* **Task requirements**
Gather all lines in the entries that include the word "fused".

* **Task input**
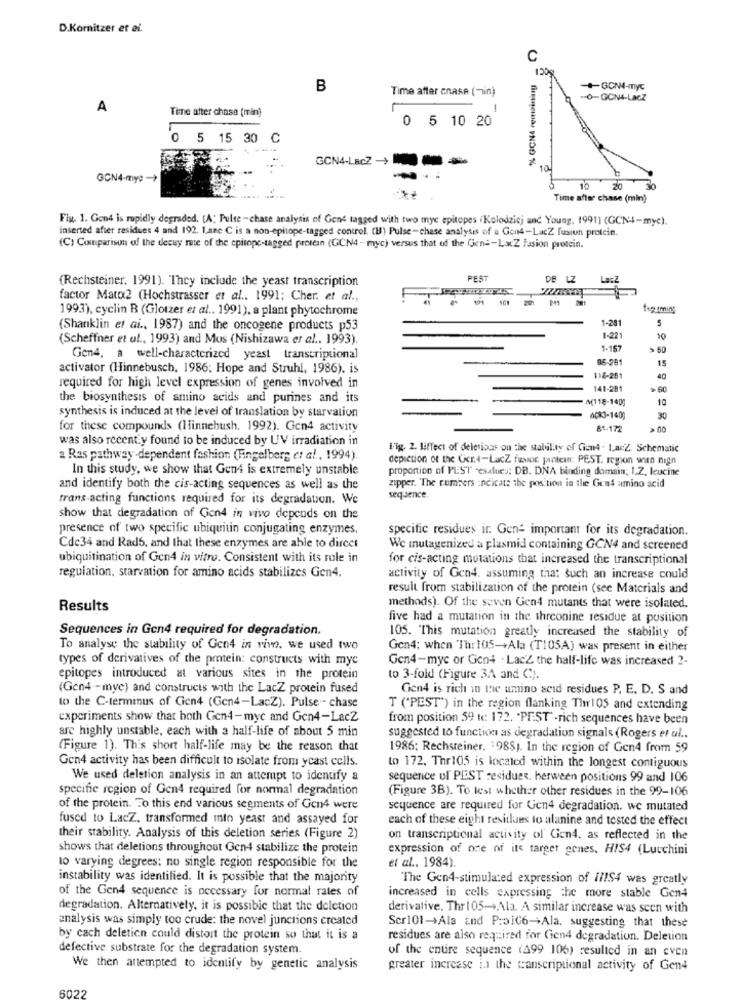
D.Kornitzer et ei.
C
CCI
% GCNA remaining
B
Time after cnase (min)
-+GCN4-myc
0-GON4-LacZ
A
Time after chase (min)
1
0 5 10 20
5 15 30 C
GCN4-LECZ ----
10
GCN4-my: -
10
20
Time after chase (min)
Fix, 1. Gen4 is rapidly degraded. [A; Pulse -chase analysis of Gens tagged with two mye epitopes Kolodziej and Young, 1991) (GCN4-myc).
inserted after residues 4 and 192. Lane C is a non-epitope-tagged control. (B) Pulse-chase analysis of a Gon4-LucZ fusion protein.
(C) Comparison of the decay rate of the cpitope-tagged protein (GCN4 - myc) versus that of the Gene-LacZ Fasion protein.
(Rechsteiner. 1991). They include the yeast transcription
PEST
DE LZ
LacZ
factor Mato2 (Hochstrasser et al .. 1991; Cher. et al .,
1993), cyclin B (Glotzer et al .. 1991), a plant phytochrome
117 mming
1-281
5
(Shanklin et ai ., 1987) and the oncogene products p53
(Scheffner et al ., 1993) and Mus (Nishizawa er al .. 1993).
1-221
1-157
> 60
Gen4, a well-characterized yeast transcriptional
95-281
15
activator (Hinnebusch, 1986; Hope and Struhl, 1986). is
118-201
40
required for high level expression of genes involved in
141-281
the biosynthesis of amino acids and purines and its
M118-140;
10
synthesis is induced at the level of translation by starvation
0(83-140)
for these compounds (Hinnehush. 1992). Gen4 activity
81-172
was also recently found to be induced by UV irradiation in
Fig. 2. liffect of deletions on the stability of Cion4 - LacZ. Schematic
a Ras pathway-dependent fashion (Fingelberg et al ., 1994)
depiction of the Uer.4-LacZ fissoc protein: PEST. region win nign
In this study, we show that Gen4 is extremely unstable
proportion of PLS'T -esatues: DB. DNA binding domain; I.Z. leucine
zipper. The cumbers :neicats the position in the Gun4 amino acid
and identify both the cis-acting sequences as well as the
frans-acting functions required for its degradation. We
sequence
show that degradation of Con4 in vivo depends on the
presence of two specific ubiquitin conjugating enzymes,
specific residues ir. Gen- important for its degradation.
Cdc34 and Rad5, and that these enzymes are able to direct
We mutagenized a plasmid containing GCN4 and screened
ubiquitination of Gen4 in vitro. Consistent with its role in
for cis-acting mutations that increased the transcriptional
regulation, starvation for amino acids stabilizes Gen4.
activity of Gen4. assuming that such an increase could
result from stabilization of the protein (see Materials and
Results
methods). Of the seven Gen4 mutants that were isolated.
five had a mutation in the threonine residue at position
Sequences in Gen4 required for degradation.
105. "This mutation greatly increased the stability of
To analyse the stability of Gen4 in vivo. we used two
Gen4; when Thr105-+Ala (T105A) was present in either
types of derivatives of the protein: constructs with mye
Gen4-myc or Gon4 . Lac'Z the half-life was increased 2-
epitopes introduced at various sites in the protein
to 3-fold (Figure 3A and C).
(Gen4 -mye) and constructs with the LacZ protein fused
Gen4 is rich in the amino acid residues P. E. D. S and
to the C-terminus of Gien4 (Gen4-LacZ). Pulse - chase
T ('PEST") in the region flanking The105 and extending
experiments show that both Gen4-myc and Gen4-Lacz
from position 59 tc 172. "PEST" -rich sequences have been
are highly unstable, each with a half-life of about 5 min
suggested to function as degradation signals (Rogers er ul ..
(Figure 1). This short half-life may be the reason that
1986: Rechsteiner. 1988). In the region of Gen4 from 59
Gen4 activity has been difficult to isolate from ycast cells.
to 172. Thr105 is located within the longest contiguous
We used deletion analysis in an attempt to identify a
sequence ul PEST residues. herween positions 99 and 106
specific region of Gen4 required for normal degradation
(Figure 3B). To test whether other residues in the 99-106
of the protein. To this end various segments of Gen4 were
sequence are required for Gen4 degradation. we mutated
fused to LacZ, transformed into yeast and assayed for
each of these eight resitlues to alanine and tested the effect
their stability. Analysis of this deletion series (Figure 2)
on transcriptional activity of Gen4. as reflected in the
shows that deletions throughout Gen4 stabilize the protein
expression of one of its target genes, HIS4 (Lucchini
to varying degrees: no single region responsible for the
et al ., 1984).
instability was identified. It is possible that the majority
The Gen4-stimulated expression of W/IS4 was greatly
of the Gen4 sequence is necessary for normal rates of
increased in cells expressing the more stable Gen4
degradation. Alternatively, it is possible that the deletion
derivative, Thr 105->Ala. A similar increase was seen with
analysis was simply too crude: the novel junctions created
Ser101->Ala and P:ojC6-+Ala. suggesting that these
by cach deletion could distort the protein so that it is a
residues are also required for Gen4 degradation. Deletion
defective substrate for the degradation system.
of the entire sequence (499 106) resulted in an even
We then attempted to identify by genetic analysis
greater increase in the canscriptional activity of Gen4
6022

* **Task result**
(Gen4 -mye) and constructs with the LacZ protein fused
fused to LacZ, transformed into yeast and assayed for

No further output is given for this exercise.